Setting aside any pictures, reproduce the data exactly.

[[ SOURCE INFORMATION open ]]

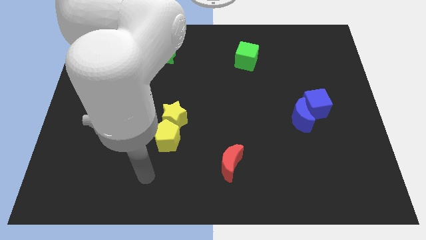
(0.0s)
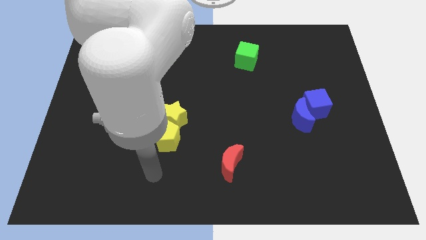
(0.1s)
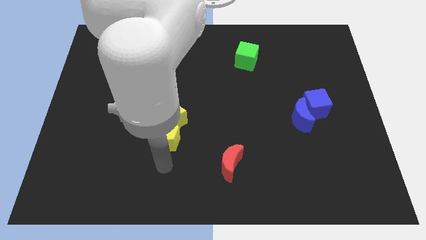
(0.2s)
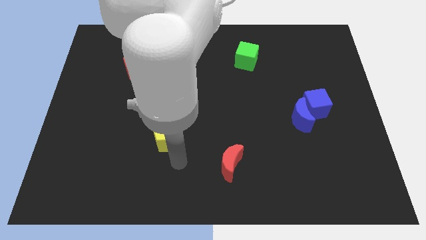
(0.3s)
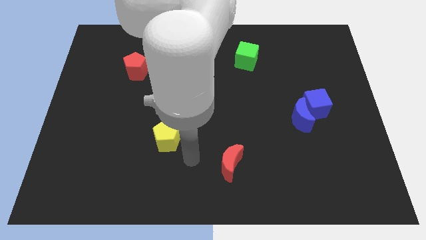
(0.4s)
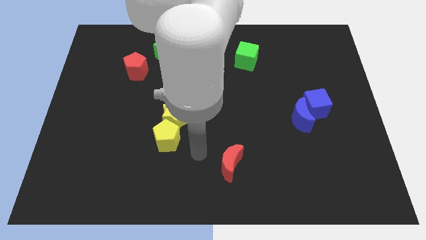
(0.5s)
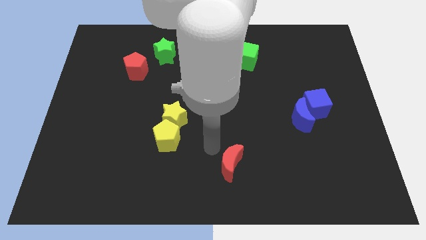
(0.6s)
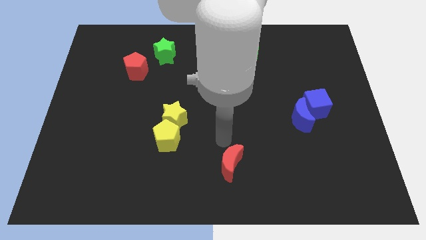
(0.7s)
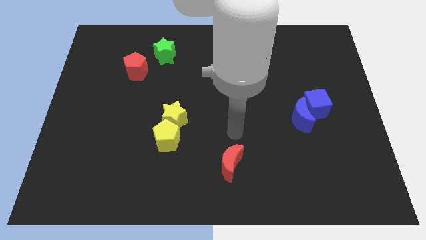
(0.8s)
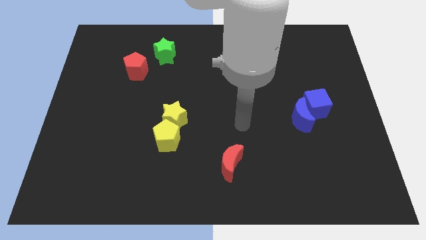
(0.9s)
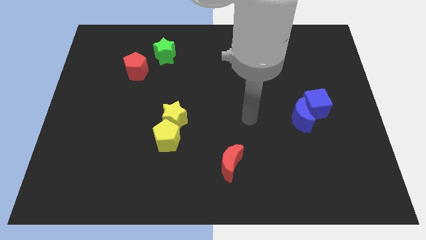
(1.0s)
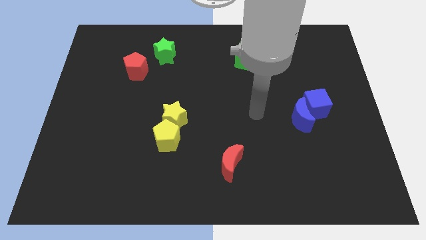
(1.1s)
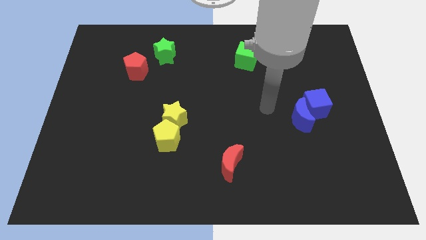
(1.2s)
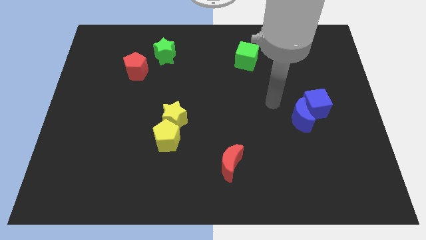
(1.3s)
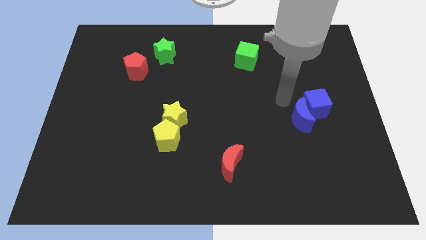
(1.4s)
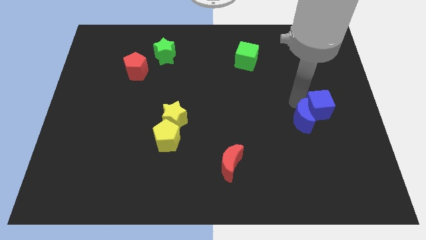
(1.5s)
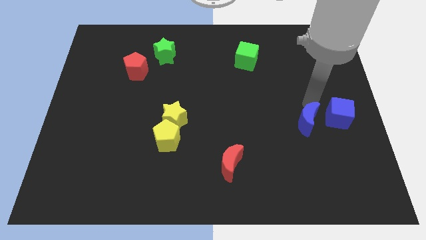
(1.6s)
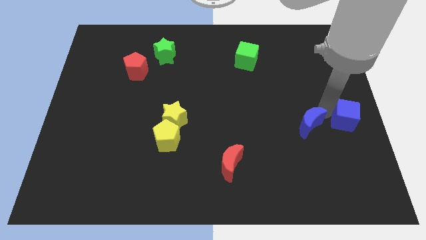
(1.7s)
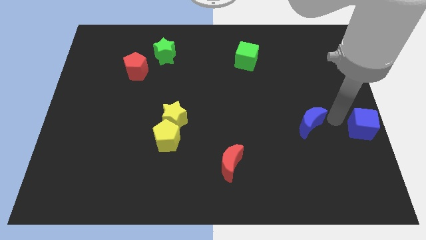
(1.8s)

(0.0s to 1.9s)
separate the blue moon from the blue cube

[[ SOURCE INFORMATION closed ]]

RESPONSE TO THE EXERCISE:
(0.0s)
(0.1s)
(0.2s)
(0.3s)
(0.4s)
(0.5s)
(0.6s)
(0.7s)
(0.8s)
(0.9s)
(1.0s)
(1.1s)
(1.2s)
(1.3s)
(1.4s)
(1.5s)
(1.6s)
(1.7s)
(1.8s)

(0.0s to 1.9s)
separate the blue moon from the blue cube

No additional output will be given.